■ Instructions for the task
For the word "Centrepieces", state how many lines of the listing below contain it. Give the number and nothing more.

────────────────────

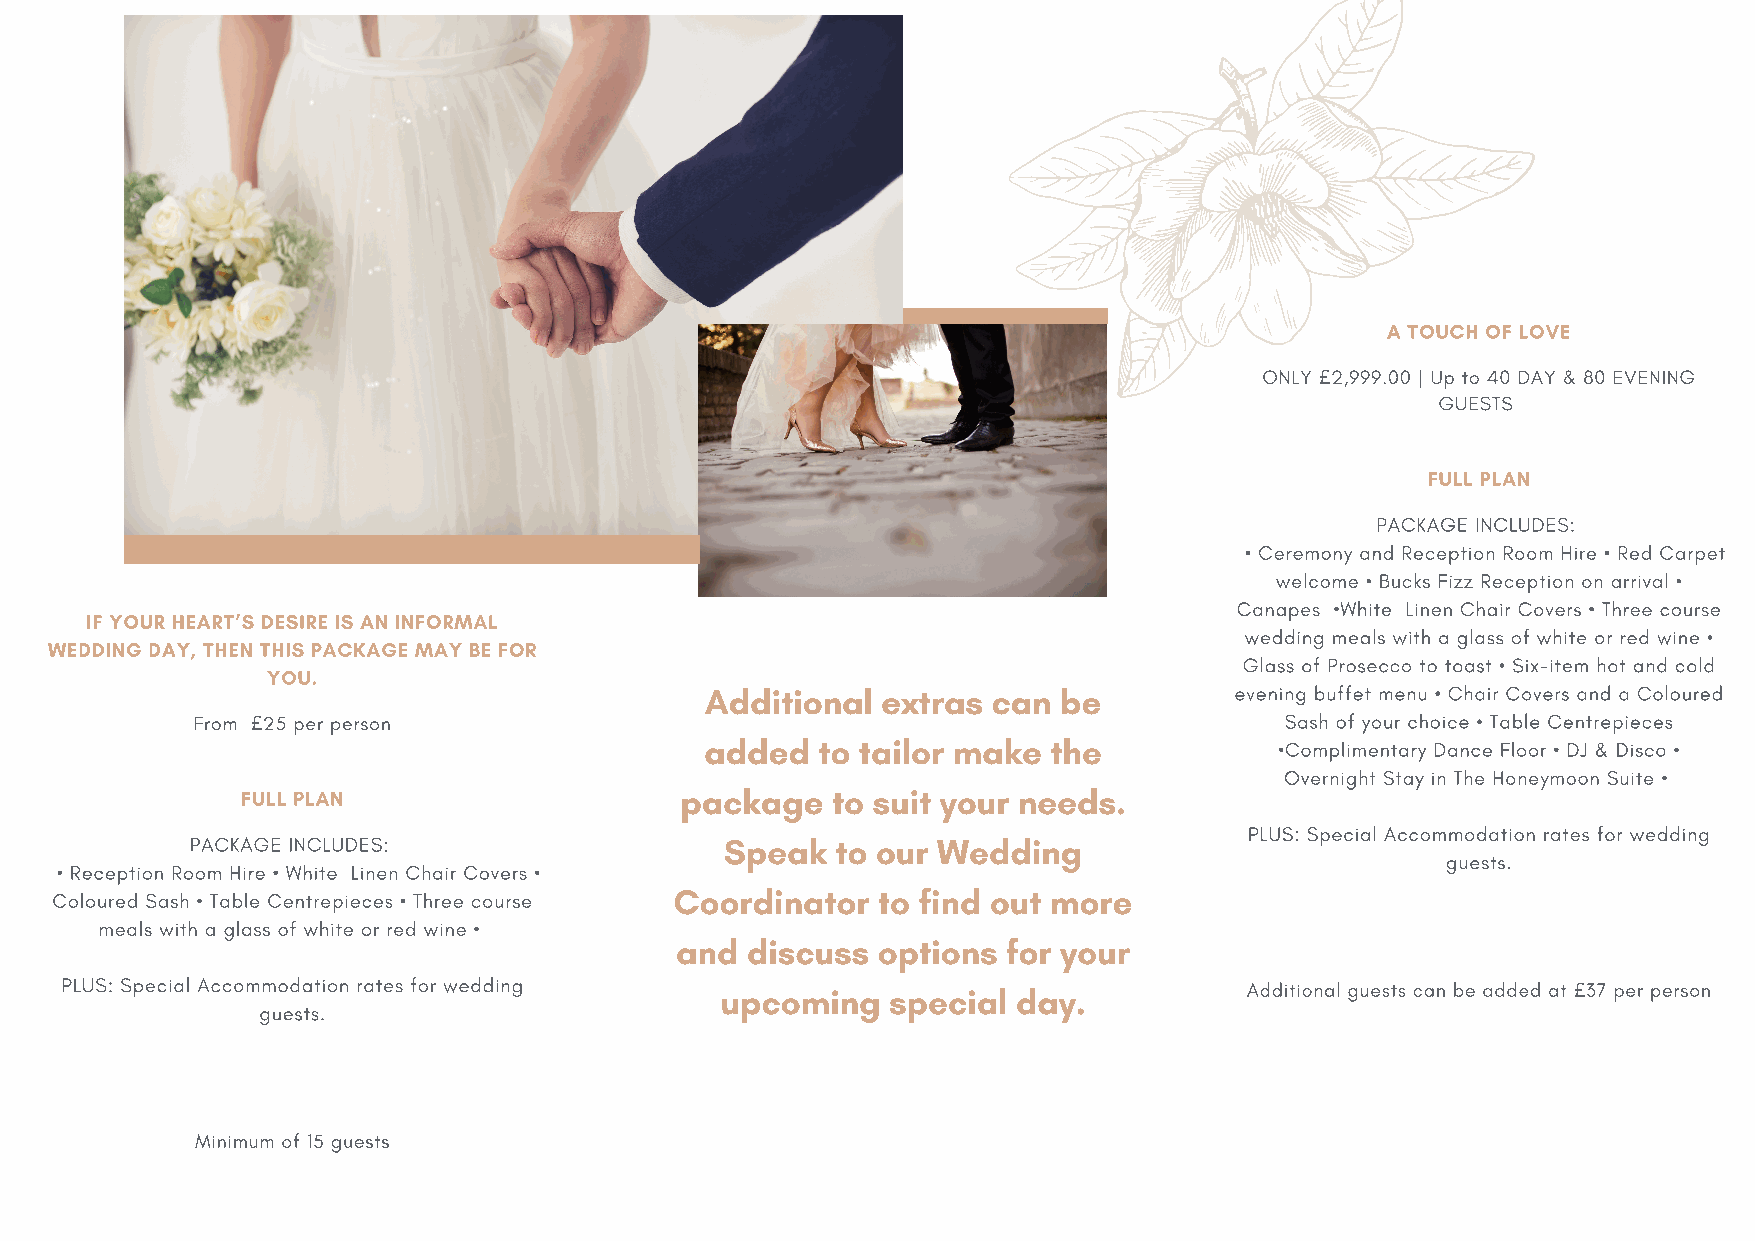
A TOUCH OF LOVE
 ONLY £2,999.00 | Up to 40 DAY & 80 EVENING
 GUESTS
 FULL PLAN
 PACKAGE INCLUDES:
 • Ceremony and Reception Room Hire • Red Carpet
 welcome • Bucks Fizz Reception on arrival •
 Canapes •White Linen Chair Covers • Three course
 IF YOUR HEART’S DESIRE IS AN INFORMAL
 wedding meals with a glass of white or red wine •
 WEDDING DAY, THEN THIS PACKAGE MAY BE FOR
 Glass of Prosecco to toast • Six-item hot and cold
 YOU.
 Additional extras  can be          evening buffet menu • Chair Covers and a Coloured
 From £25 per person                                                     Sash of your choice • Table Centrepieces
 added  to tailor make  the
 •Complimentary Dance Floor • DJ & Disco •
 Overnight Stay in The Honeymoon Suite •
 package   to suit your needs.
 FULL PLAN
 PLUS: Special Accommodation rates for wedding
 PACKAGE INCLUDES:                  Speak  to our Wedding
 guests.
 • Reception Room Hire • White Linen Chair Covers •
 Coordinator  to find out more
 Coloured Sash • Table Centrepieces • Three course
 meals with a glass of white or red wine •
 and discuss  options  for your
 PLUS: Special Accommodation rates for wedding upcoming special day.           Additional guests can be added at £37 per person
 guests.
 Minimum of 15 guests
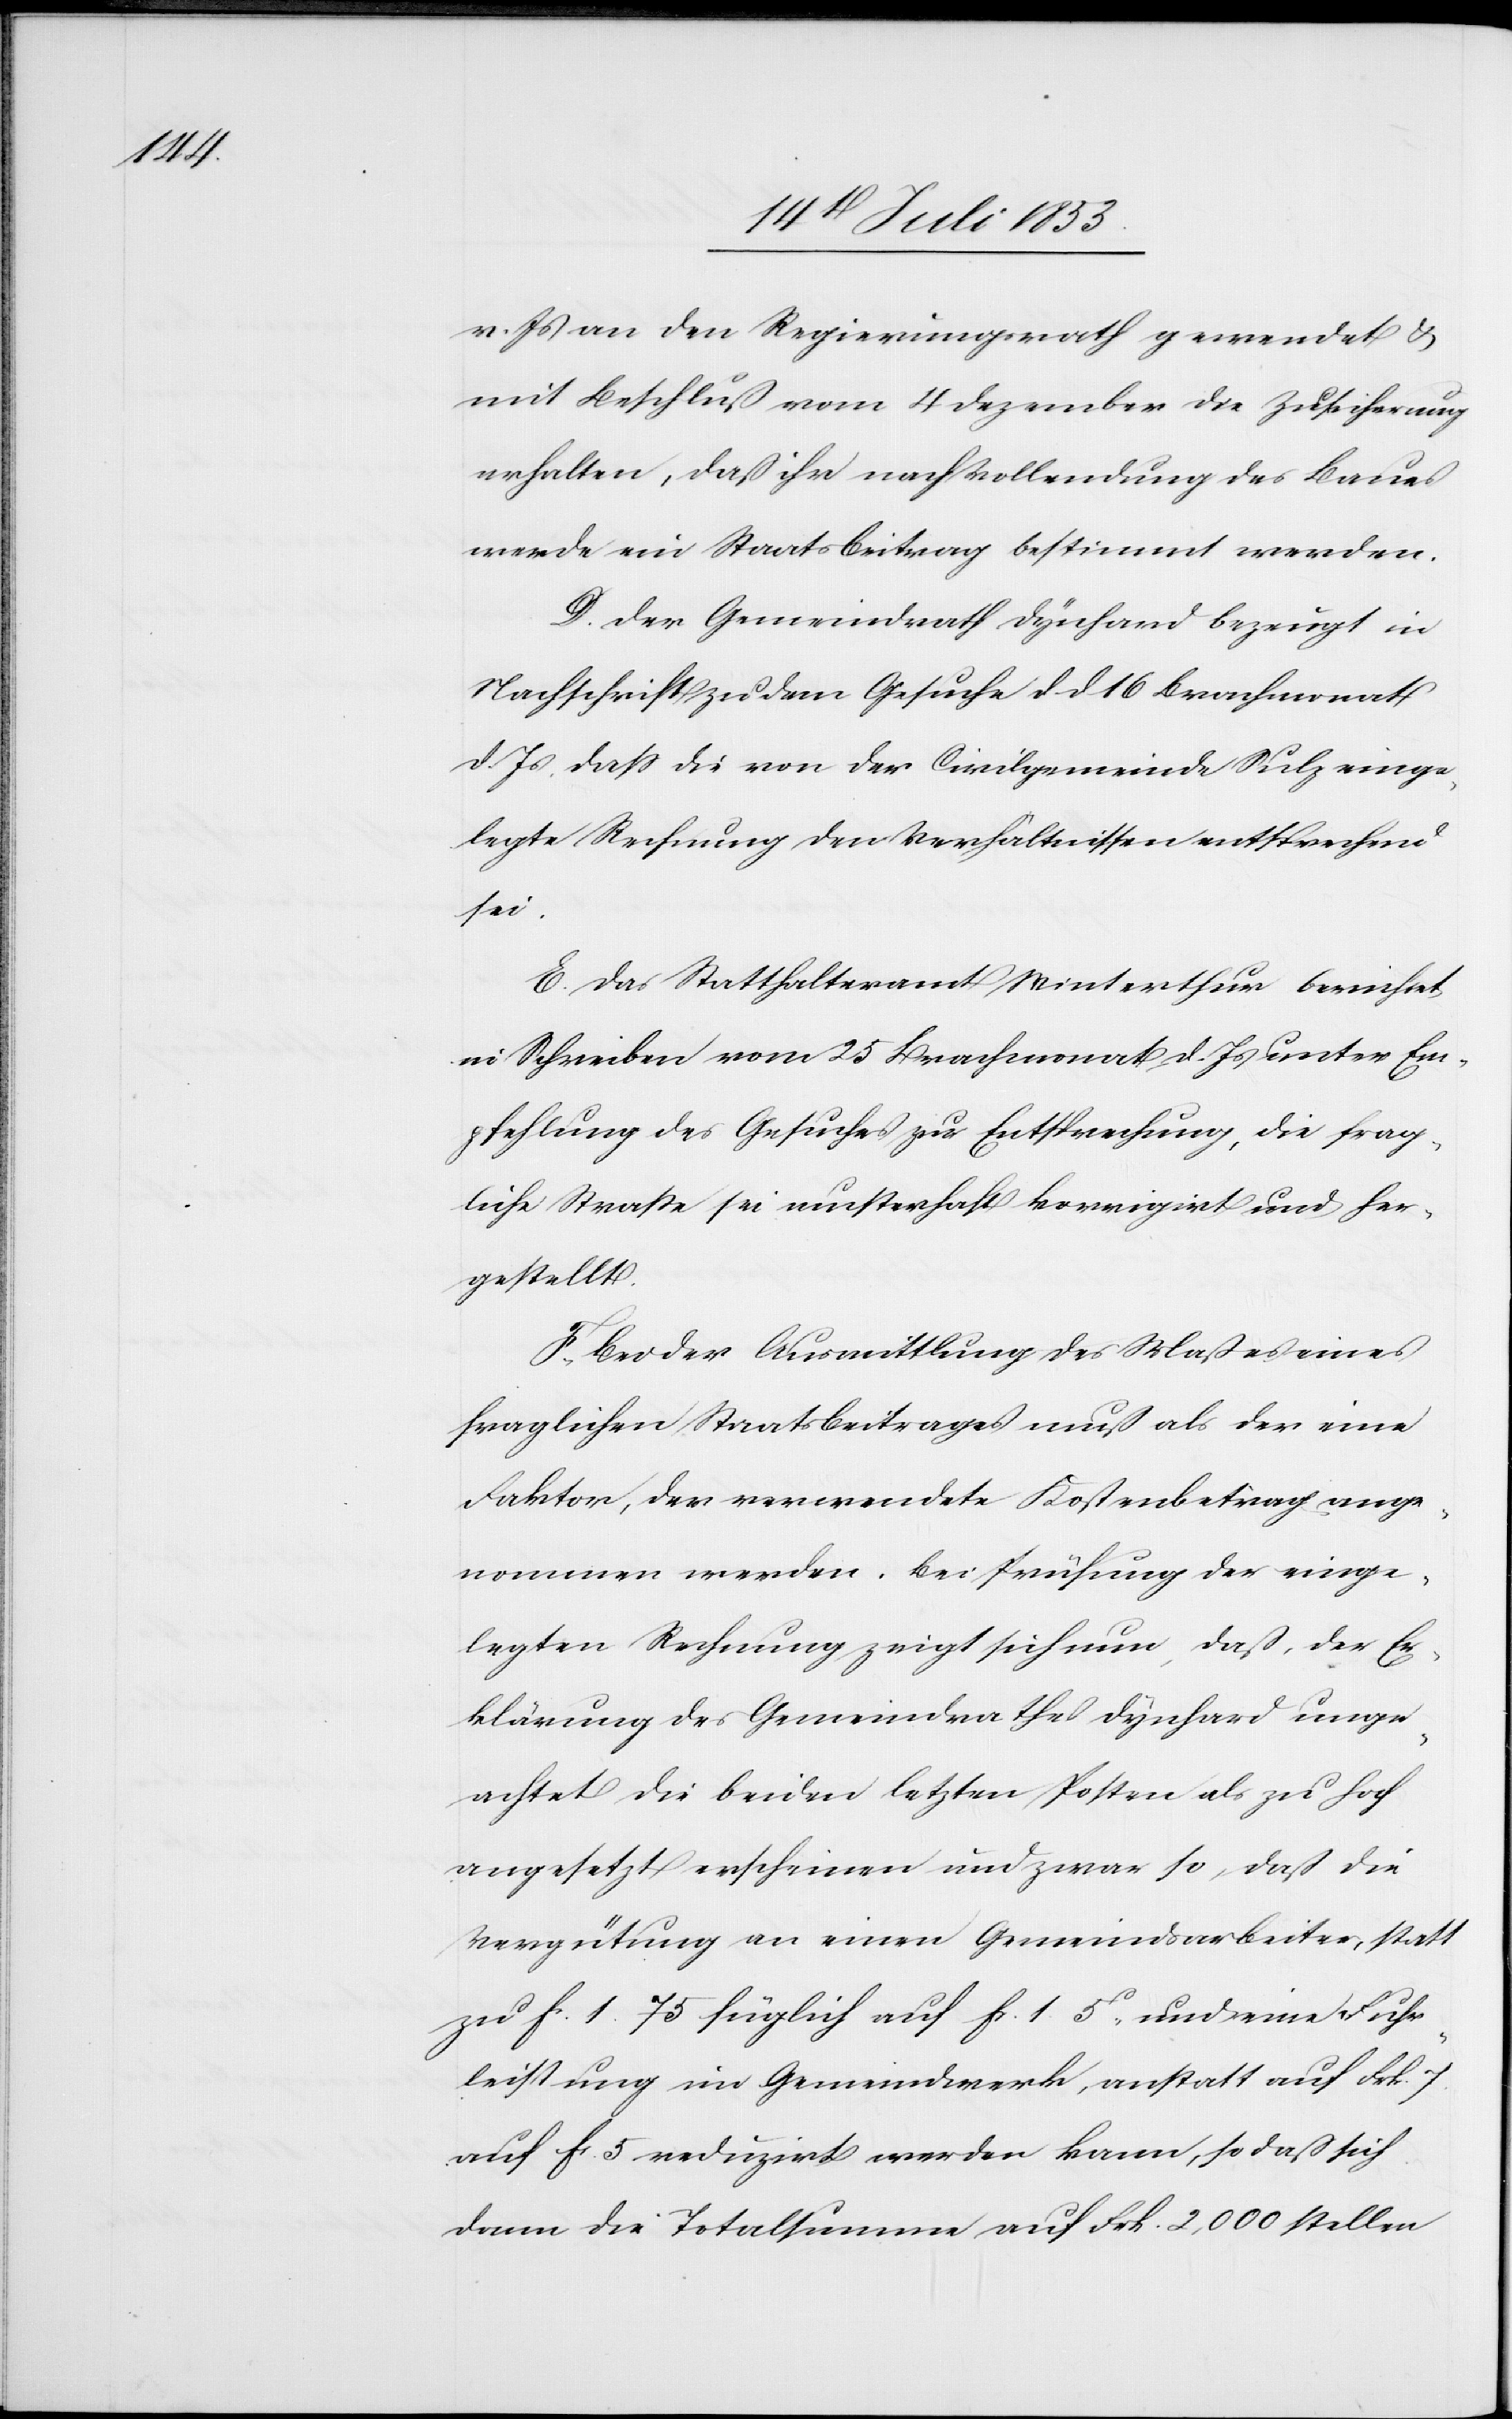
v. Js. an den Regierungsrath gewendet u.
mit Beschluß vom 4 Dezember die Zusicherung
erhalten, daß ihr nach Vollendung des Baues
werde ein Staatsbeitrag bestimmt werden.
D. Der Gemeindrath Dynhard bezeugt in
Nachschrift zu dem Gesuche d. d. 16 Brachmonat
d. Js., daß die von der Civilgemeinde Sulz einge¬
legte Rechnung den Verhältnissen entsprechend
sei.
E. Das Statthalteramt Winterthur berichtet
in Schreiben vom 25 Brachmonat d. Js. unter Em¬
pfehlung des Gesuches zur Entsprechung, die frag¬
liche Straße sei außerhalb korrigirt und her¬
gestellt.
F. Bei der Ausmittlung des Maßes eines
fraglichen Staatsbeitrages muß als der eine
Faktor, der verwendete Kostenbetrag ange¬
nommen werden. Bei Prüfung der einge¬
legten Rechnung zeigt sich nun, daß, der Er¬
klärung des Gemeindrathes Dynhard unge¬
achtet die beiden letzten Posten als zu hoch
angesetzt erscheinen und zwar so, daß die
Vergütung an einen Gemeindsarbeiter, statt
zu fr. 1.75 füglich auf fr. 1.5c und eine Fuhr¬
leistung im Gemeindwerk, anstatt auf Frk. 7
auf fr. 5 reduzirt werden kann, so daß sich
dann die Totalsumme auf Frk. 2,000 stellen
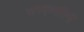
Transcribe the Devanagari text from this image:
जगद्व्यापिनीं
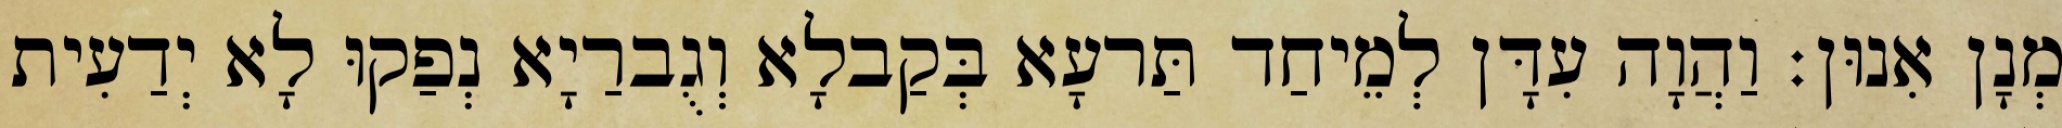
מְנָן אִנוּן׃ וַהֲוָה עִדָּן לְמֵיחַד תַּרעָא בְּקַבלָא וְגֻברַיָא נְפַקוּ לָא יְדַעִית
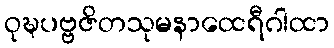
ဝုဍ္ဎပဗ္ဗဇိတသုမနာထေရီဂါထာ
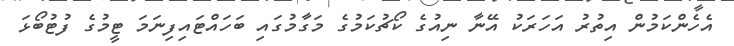
އެހެންކަމުން އިތުރު އަހަރަކު އޭނާ ނިއުގެ ކޯޗުކަމުގެ މަގާމުގައި ބަހައްޓައިފިނަމަ ޓީމުގެ ފުޓުބޯޅަ
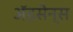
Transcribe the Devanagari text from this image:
ॲडसेन्स
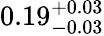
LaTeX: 0.19_{-0.03}^{+0.03}
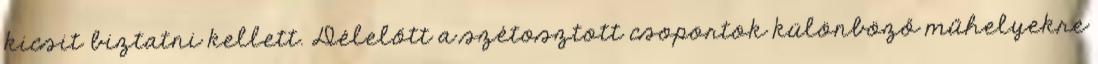
kicsit biztatni kellett. Délelőtt a szétosztott csoportok különböző műhelyekre
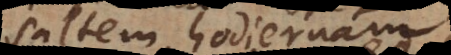
saltem hodiernam
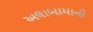
અલાબામાની
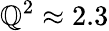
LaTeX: \mathbb{Q}^{2}\approx2.3
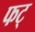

────────────────────

■ Output below
2